Dijuluki "Sampah Abadi" dan dicampakkan kekasihnya demi si jenius Ma Yingjie tak membuat si gila kekuatan Ji Zhen menyerah. Di puncak dinginnya Gunung Bingfeng, ia mengikat kontrak darah dengan Zulong sang Dewa Naga Keabadian demi menjadi kultivator terkuat.

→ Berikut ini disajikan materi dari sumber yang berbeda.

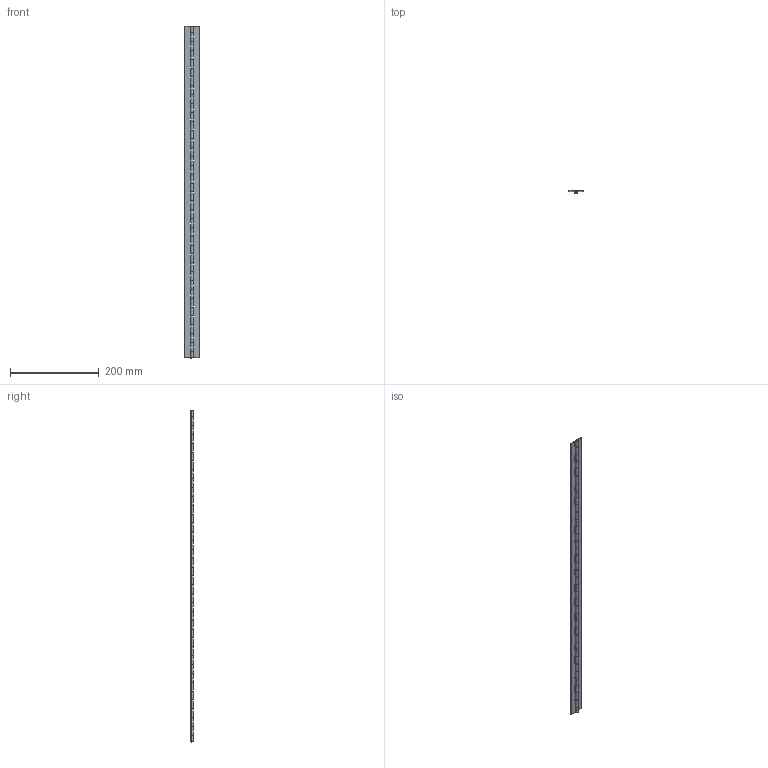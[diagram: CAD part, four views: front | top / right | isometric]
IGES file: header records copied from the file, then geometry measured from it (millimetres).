
Start section: JAMA-IS VERSION  1.0
Global section: file name: unknown; native system: SolidMX; preprocessor: V1.20; author: unknown; organization: unknown; date: 050420.100755; units: millimetre
Bounding box: 32 x 6.5 x 750 mm (x, y, z)
Surface area: 76549.6 mm2 (no closed solid volume)
Topology: 0 solids, 0 shells, 316 faces, 3164 edges, 3164 vertices
Faces by surface type: bspline 316

"Dunia ingin aku merangkak? Maka aku akan menaklukkannya lebih dulu!"
[Like, vote dan komentar sangat bermanfaat bagi kelanjutan cerita. Selamat membaca]
Karya ini diterbitkan atas izin NovelToon Dana Brekker, isi konten hanyalah pandangan pribadi pembuatnya, tidak mewakili NovelToon sendiri
Bab 34: Pilihan di Aula Klan Yun
Wanita itu duduk di kursi kayu jati yang diukir rumit, namun tubuhnya tidak menunjukkan ketenangan seorang nyonya besar. Ibu Yun Xia, dengan wajah penuh garis-garis kelelahan yang nyata di sudut matanya, mengenakan jubah sutra ungu khas klan Yun. Meskipun pakaiannya mewah, stres yang membebani pikirannya membuat penampilannya terlihat suntuk. Ekspresinya dingin, bibirnya terkatup rapat, menyembunyikan kekhawatiran yang mendalam di balik topeng ketegasan seorang pemimpin.
Aula utama Klan Yun di Nancheng terasa begitu lapang sekaligus menyesakkan. Di sana, ayah Yun Xia berdiri di samping kursi utama, didampingi dua tetua klan yang wajahnya sekeras dinding benteng. Beberapa pengawal bersenjata tombak berjaga di setiap pilar, menciptakan suasana yang lebih mirip persidangan daripada pertemuan keluarga. Di hadapan mereka, Yun Xia berdiri dengan punggung lurus namun tangan yang saling meremas. Shi Shu berada tepat di belakangnya dengan wajah merah menahan amarah, sementara Huiqing berdiri di sisi lain, kepalanya terangkat meski jantungnya berdegup kencang.
Suasana aula jelas dipenuhi ketegangan yang pekat. Bagi ayah dan para tetua klan, ini adalah soal kelangsungan hidup. Klan Yun sedang berada di ambang kesulitan finansial yang serius, dan aliansi politik melalui pernikahan dengan kultivator tua dari Klan Zhongwei adalah satu-satunya pelampung penyelamat. Perjodohan paksa ini bukan sekadar tradisi, melainkan transaksi untuk menyelamatkan nama baik dan harta klan yang mulai terkikis. Yun Xia sendiri yang sebelumnya kabur untuk menghindari nasib itu, kini dipaksa kembali ke kenyataan pahit demi orang tua dan masa depan seluruh klan.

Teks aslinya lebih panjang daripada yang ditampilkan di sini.